Doing a bitwise operation on bytes

Question

I got two objects, a and b, each containing a single byte in a bytes object.

I am trying to do a bitwise operation on this to get the two most significant bits (big-endian, so to the left).

a = sock.recv(1)
b = b'\xc0'
c = a & b

However, it angrily spits a TypeError in my face.

Traceback (most recent call last):
  File "<stdin>", line 1, in <module>
TypeError: unsupported operand type(s) for &: 'bytes' and 'bytes'

Is there any way I can perform an AND operation on the two bytes without having to think of the host system's endianness?

Answer 1

A bytes sequence is an immutable sequence of integers (like a tuple of numbers). Unfortunately, bitwise operations are not defined on them—regardless of how much sense it would make to have them on a sequence of bytes.

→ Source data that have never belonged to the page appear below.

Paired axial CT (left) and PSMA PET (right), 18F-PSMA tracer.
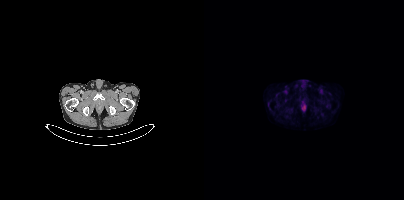
Negative for PSMA-avid disease on this slice.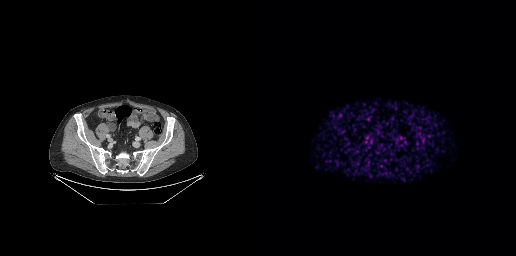
modality: PSMA PET/CT | tracer: [68Ga]Ga-PSMA-11 | view: axial
Negative for PSMA-avid disease on this slice.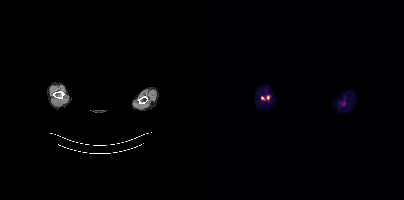
{"modality":"PSMA PET/CT","view":"axial","tracer":"[18F]PSMA-1007","pet_grid":[200,200],"coord_frame":"pet_panel","coord_format":"x0,y0,x1,y1","psma_avid_lesions":false,"deidentification":"privacy mask over head"}
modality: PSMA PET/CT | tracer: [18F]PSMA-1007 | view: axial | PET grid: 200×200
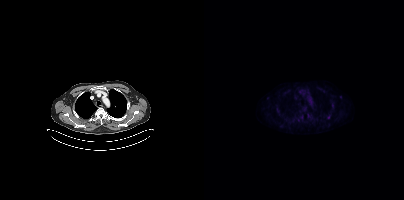
Coordinates are on the 200×200 PET (right) panel. Small PSMA-avid foci (2 to 4 px across) near (center x, center y): (124, 117); (94, 120); (63, 97).
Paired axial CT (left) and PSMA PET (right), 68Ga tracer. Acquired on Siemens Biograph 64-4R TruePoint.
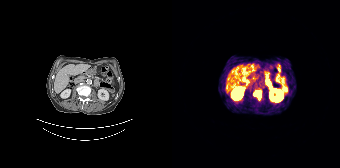
Coordinates are on the 168×168 PET (right) panel. PSMA-avid tumor lesion bounding boxes:
| # | x0 | y0 | x1 | y1 |
|---|---|---|---|---|
| 1 | 82 | 90 | 89 | 99 |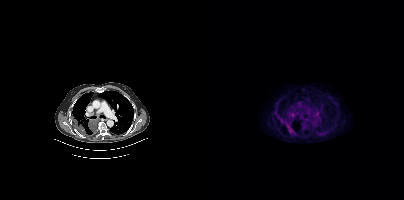
Coordinates are on the 200×200 PET (right) panel. PSMA-avid tumor lesion bounding boxes (x0, y0)-(x1, y1): (76, 120)-(90, 133) | (86, 113)-(90, 116). Two-panel axial: CT | PSMA PET, 18F-PSMA tracer. Slice position z = -1012 mm.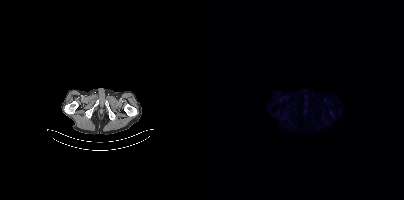
{"modality":"PSMA PET/CT","view":"axial","tracer":"18F","pet_grid":[200,200],"coord_frame":"pet_panel","coord_format":"x0,y0,x1,y1","psma_avid_lesions":false}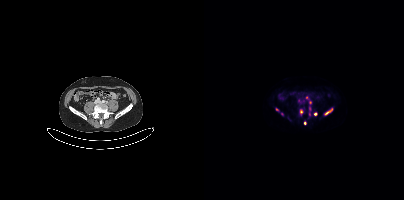
{"modality":"PSMA PET/CT","view":"axial","tracer":"18F-PSMA","pet_grid":[200,200],"coord_frame":"pet_panel","coord_format":"x0,y0,x1,y1","partial":true,"lesion_bboxes":[[121,108,128,114]],"small_foci_centers":[[106,102],[97,111],[78,113],[102,97],[105,114],[111,113],[72,109],[100,122]]}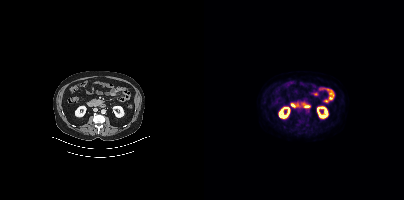
{"modality":"PSMA PET/CT","view":"axial","tracer":"18F","pet_grid":[200,200],"coord_frame":"pet_panel","coord_format":"x0,y0,x1,y1","psma_avid_lesions":false}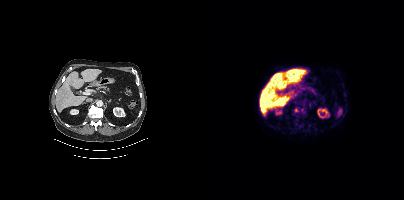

So you will have to go the manual route and run the operation on the bytes individually. As you only have a single byte each, it’s really simple to do so though. For the same reason you also don’t need to care about endianness, as that’s only applicable when talking about multiple bytes.

So, you could do it like this:

>>> a, b = b'\x12', b'\x34'
>>> bytes([a[0] & b[0]])
b'\x10'

Answer 2

A more general answer

def andbytes(abytes, bbytes):
    return bytes([a & b for a, b in zip(abytes[::-1], bbytes[::-1])][::-1])

Though IMO pyhon bytes objects should aready do this....

Answer 3

If you have a large byte string, it will be more efficient to use

c = (int.from_bytes(a, 'big') & int.from_bytes(b, 'big')).to_bytes(max(len(a), len(b)), 'big')

thanks, @Eryk Sun